Gay News
- Type: Fortnightly newspaper
- Format: Tabloid
- Owner: RP Marketing Ltd.
- Publisher: Robert Palmer
- Editor: Denis Lemon
- Associate editor: Keith Howes, Alison Hennegan
- News editor: Michael Mason
- Staff writers: Martin Corbett Ian Dunn Glenys Parry Suki J. Pitcher Doug Pollard
- Founded: June 1972
- Ceased publication: 15 April 1983
- Political alignment: Liberal
- Language: English
- Headquarters: London, England United Kingdom
- Circulation: ca. 18,000
- Price: GB£0.30 UK US$1.00 US

= Gay News =

British LGBT newspaper (1972-1983)

Gay News was a fortnightly newspaper in the United Kingdom founded in June 1972 in a collaboration between former members of the Gay Liberation Front and members of the Campaign for Homosexual Equality (CHE).
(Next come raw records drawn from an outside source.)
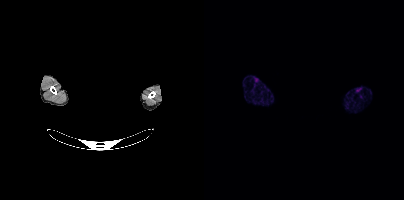
This slice has no annotated PSMA-avid lesion.
modality: PSMA PET/CT | tracer: 68Ga | view: axial | de-identification: head region blanked (face removed)
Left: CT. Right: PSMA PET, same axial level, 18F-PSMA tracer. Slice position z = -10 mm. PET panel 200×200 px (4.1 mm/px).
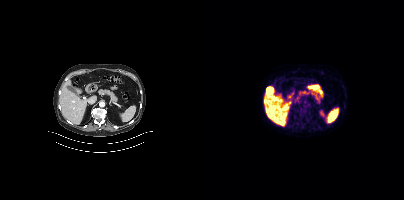
No PSMA-avid tumor lesions on this slice.
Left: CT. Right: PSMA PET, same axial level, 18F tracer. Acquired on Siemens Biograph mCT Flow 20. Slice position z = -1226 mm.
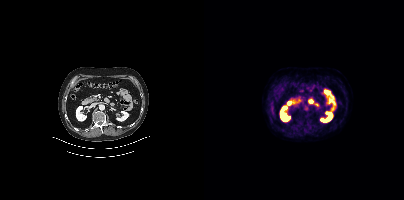
This slice has no annotated PSMA-avid lesion.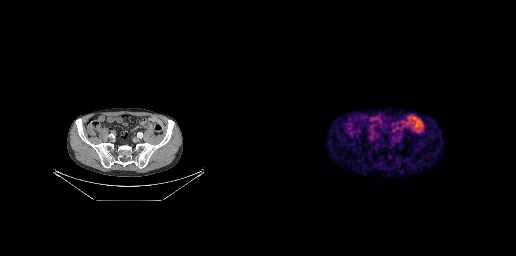
No PSMA-avid tumor lesions on this slice.
modality: PSMA PET/CT | tracer: [68Ga]Ga-PSMA-11 | view: axial | PET grid: 256×256
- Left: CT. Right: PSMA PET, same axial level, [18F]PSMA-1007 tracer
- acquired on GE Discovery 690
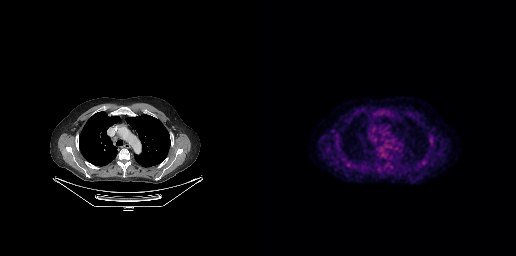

At the newspaper's height, circulation was 18,000 to 19,000 copies.

==History of Gay News==
The original editorial collective included Denis Lemon (editor), Martin Corbett (who later was an active member of ACT UP), David Seligman, a founder member of the London Gay Switchboard collective, Ian Dunn of the Scottish Minorities Group (and later co-founder of the Paedophile Information Exchange), Glenys Parry (national chair of CHE), Suki J. Pitcher, and Doug Pollard, who later went on to launch the weekly gay newspaper, Gay Week (affectionately known as Gweek) (he later became a presenter on Joy Melbourne 94.9FM, Australia's first full-time GLBTI radio station, and was for a time editor of Melbourne Star, the city's fortnightly gay newspaper). Amongst Gay News's early "Special Friends" were Graham Chapman of Monty Python's Flying Circus, his partner David Sherlock, and Antony Grey, secretary of the UK Homosexual Law Reform Society from 1962 to 1970.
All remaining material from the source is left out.